### Work instruction
All lines in the records that carry the string "Circle" are to be shown.

┌─ Provided information

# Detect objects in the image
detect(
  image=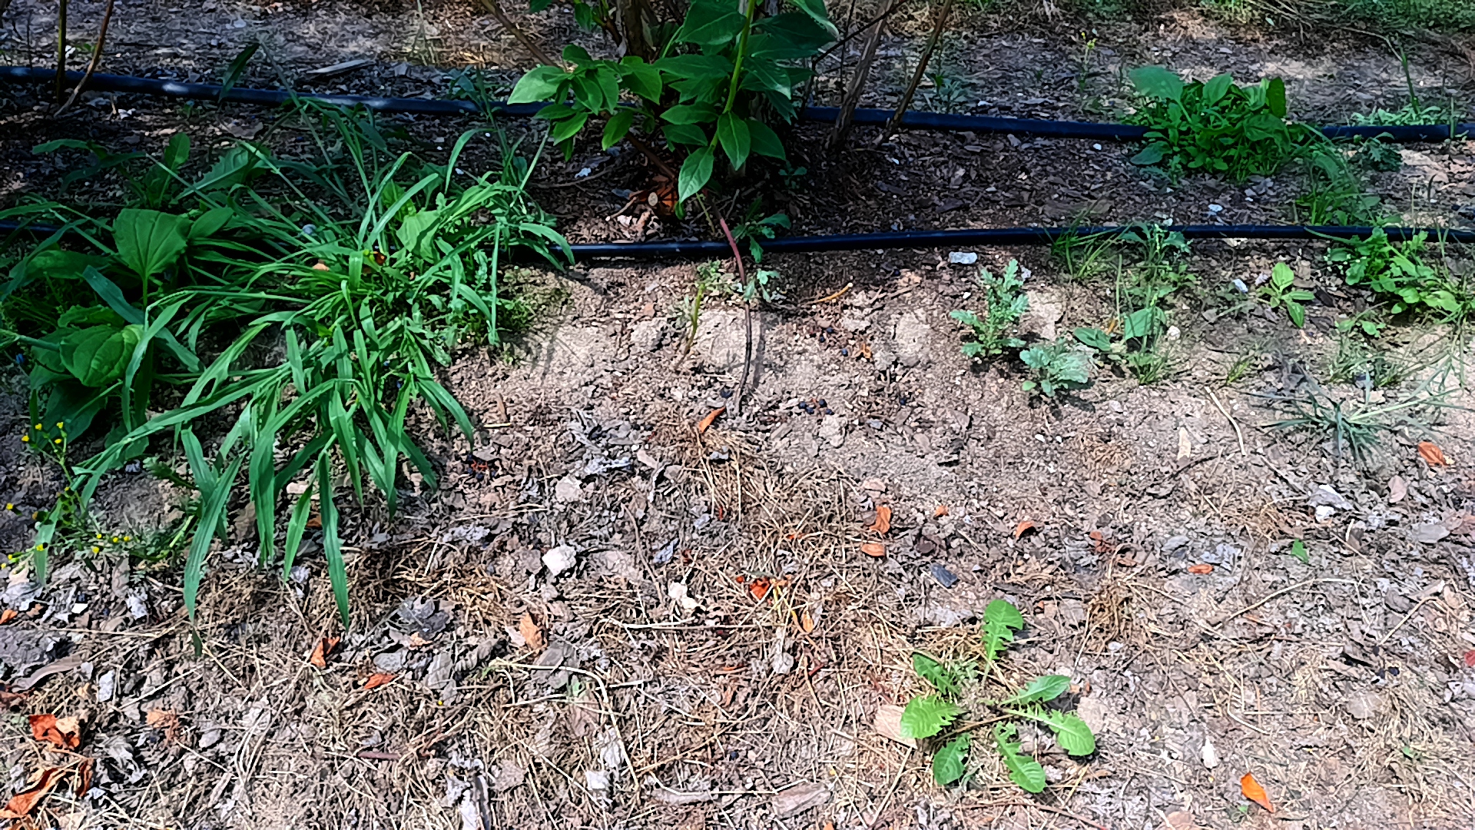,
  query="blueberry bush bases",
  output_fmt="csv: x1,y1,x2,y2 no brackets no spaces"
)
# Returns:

└─
┌─ Provided information

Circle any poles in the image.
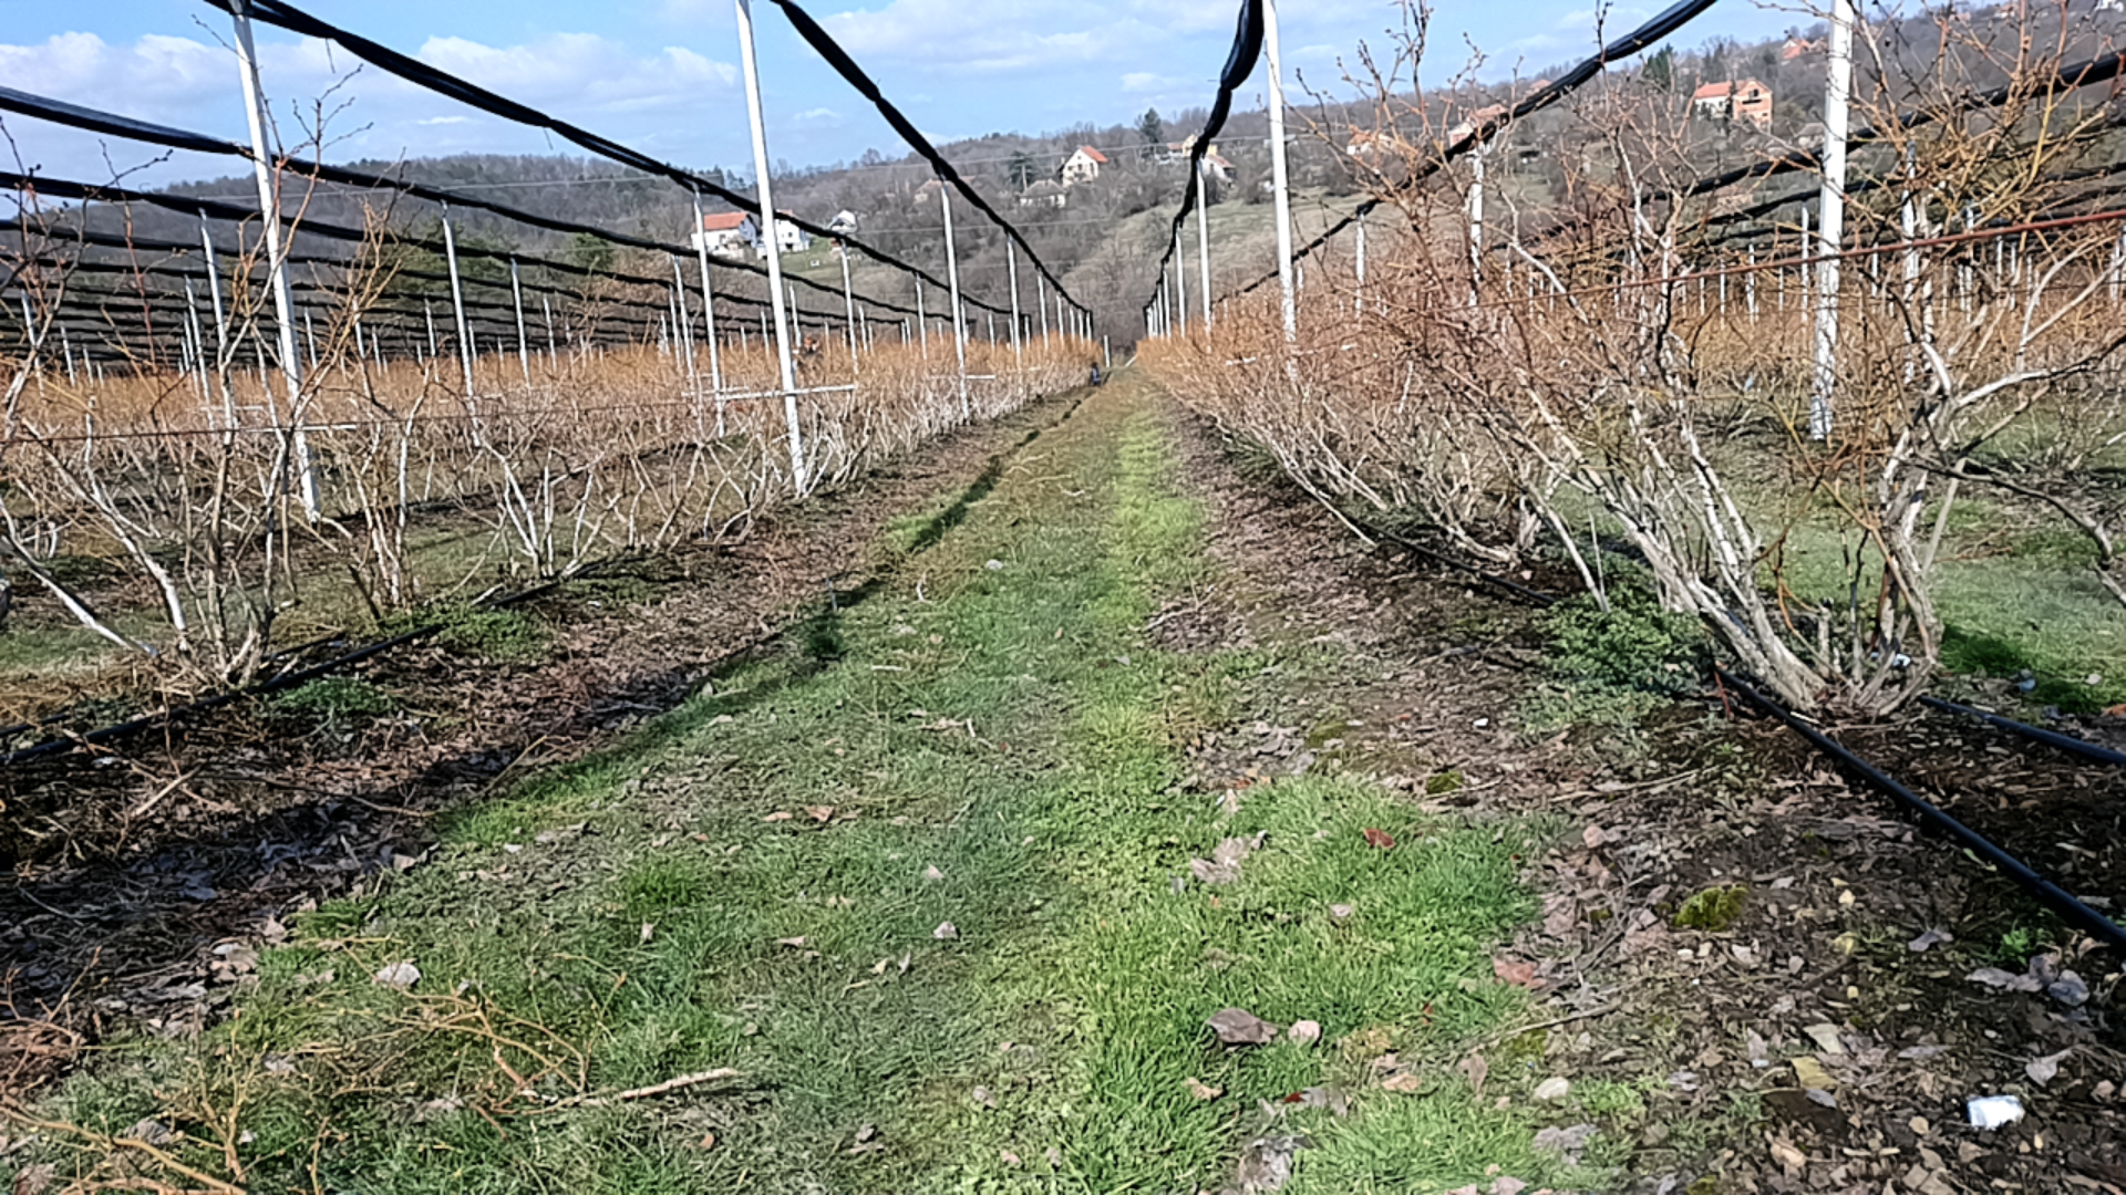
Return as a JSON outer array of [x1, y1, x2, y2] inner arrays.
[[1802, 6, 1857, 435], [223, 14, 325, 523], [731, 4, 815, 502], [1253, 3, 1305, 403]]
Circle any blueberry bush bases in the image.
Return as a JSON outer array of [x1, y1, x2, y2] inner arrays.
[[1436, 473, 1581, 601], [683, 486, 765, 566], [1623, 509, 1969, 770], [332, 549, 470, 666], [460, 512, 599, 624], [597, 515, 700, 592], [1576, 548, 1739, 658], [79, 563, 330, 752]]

└─

### Your response
Circle any poles in the image.
Circle any blueberry bush bases in the image.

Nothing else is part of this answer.